• _Source records_:

+ + + +

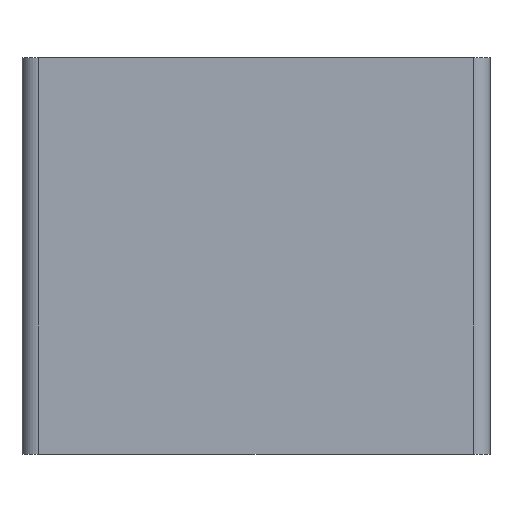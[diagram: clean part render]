
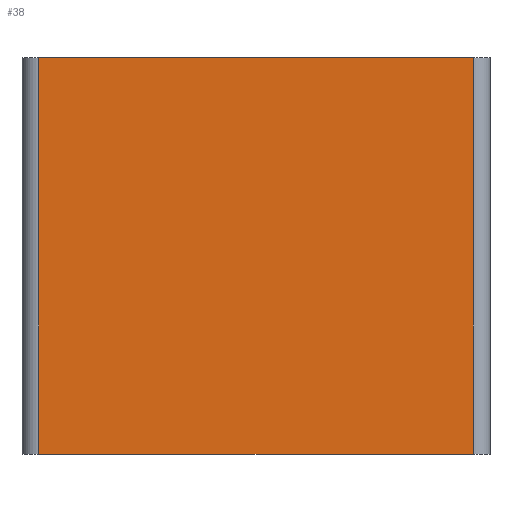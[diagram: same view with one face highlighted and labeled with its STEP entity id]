
A CAD part, top view. The second image highlights one B-rep face of the part: STEP entity #38.
In plain terms, the highlighted planar face has unit normal (0, 0, 1).
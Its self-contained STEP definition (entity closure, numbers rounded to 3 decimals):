
#15 = DIRECTION ( 'NONE',  ( 1., 0., 0. ) ) ;
#19 = VECTOR ( 'NONE', #140, 1000. ) ;
#20 = CARTESIAN_POINT ( 'NONE',  ( -425., 120., 77.5 ) ) ;
#38 = ADVANCED_FACE ( 'NONE', ( #318 ), #336, .T. ) ;
#44 = LINE ( 'NONE', #20, #342 ) ;
#51 = DIRECTION ( 'NONE',  ( 1., 0., 0. ) ) ;
#52 = EDGE_CURVE ( 'NONE', #163, #77, #142, .T. ) ;
#54 = VERTEX_POINT ( 'NONE', #362 ) ;
#69 = EDGE_LOOP ( 'NONE', ( #240, #135, #365, #215 ) ) ;
#74 = CARTESIAN_POINT ( 'NONE',  ( -425., -600., 77.5 ) ) ;
#75 = DIRECTION ( 'NONE',  ( 0., 0., 1. ) ) ;
#77 = VERTEX_POINT ( 'NONE', #306 ) ;
#88 = EDGE_CURVE ( 'NONE', #77, #54, #225, .T. ) ;
#92 = VECTOR ( 'NONE', #15, 1000. ) ;
#135 = ORIENTED_EDGE ( 'NONE', *, *, #229, .T. ) ;
#140 = DIRECTION ( 'NONE',  ( 0., 1., 0. ) ) ;
#142 = LINE ( 'NONE', #221, #214 ) ;
#149 = CARTESIAN_POINT ( 'NONE',  ( 395., 120., 77.5 ) ) ;
#163 = VERTEX_POINT ( 'NONE', #228 ) ;
#179 = AXIS2_PLACEMENT_3D ( 'NONE', #74, #75, #195 ) ;
#190 = DIRECTION ( 'NONE',  ( 0., -1., 0. ) ) ;
#195 = DIRECTION ( 'NONE',  ( 1., 0., 0. ) ) ;
#208 = EDGE_CURVE ( 'NONE', #163, #357, #44, .T. ) ;
#214 = VECTOR ( 'NONE', #190, 1000. ) ;
#215 = ORIENTED_EDGE ( 'NONE', *, *, #52, .T. ) ;
#221 = CARTESIAN_POINT ( 'NONE',  ( -395., -600., 77.5 ) ) ;
#225 = LINE ( 'NONE', #334, #92 ) ;
#228 = CARTESIAN_POINT ( 'NONE',  ( -395., 120., 77.5 ) ) ;
#229 = EDGE_CURVE ( 'NONE', #54, #357, #294, .T. ) ;
#240 = ORIENTED_EDGE ( 'NONE', *, *, #88, .T. ) ;
#279 = CARTESIAN_POINT ( 'NONE',  ( 395., -600., 77.5 ) ) ;
#294 = LINE ( 'NONE', #279, #19 ) ;
#306 = CARTESIAN_POINT ( 'NONE',  ( -395., -600., 77.5 ) ) ;
#318 = FACE_OUTER_BOUND ( 'NONE', #69, .T. ) ;
#334 = CARTESIAN_POINT ( 'NONE',  ( -425., -600., 77.5 ) ) ;
#336 = PLANE ( 'NONE',  #179 ) ;
#342 = VECTOR ( 'NONE', #51, 1000. ) ;
#357 = VERTEX_POINT ( 'NONE', #149 ) ;
#362 = CARTESIAN_POINT ( 'NONE',  ( 395., -600., 77.5 ) ) ;
#365 = ORIENTED_EDGE ( 'NONE', *, *, #208, .F. ) ;

+ + + +

• _EXERCISE_:
Search the records for the string "DIRECTION" and, wherever a line contains it, please copy that line.

• _SOLUTION TO THIS EXERCISE_:
#15 = DIRECTION ( 'NONE',  ( 1., 0., 0. ) ) ;
#51 = DIRECTION ( 'NONE',  ( 1., 0., 0. ) ) ;
#75 = DIRECTION ( 'NONE',  ( 0., 0., 1. ) ) ;
#140 = DIRECTION ( 'NONE',  ( 0., 1., 0. ) ) ;
#190 = DIRECTION ( 'NONE',  ( 0., -1., 0. ) ) ;
#195 = DIRECTION ( 'NONE',  ( 1., 0., 0. ) ) ;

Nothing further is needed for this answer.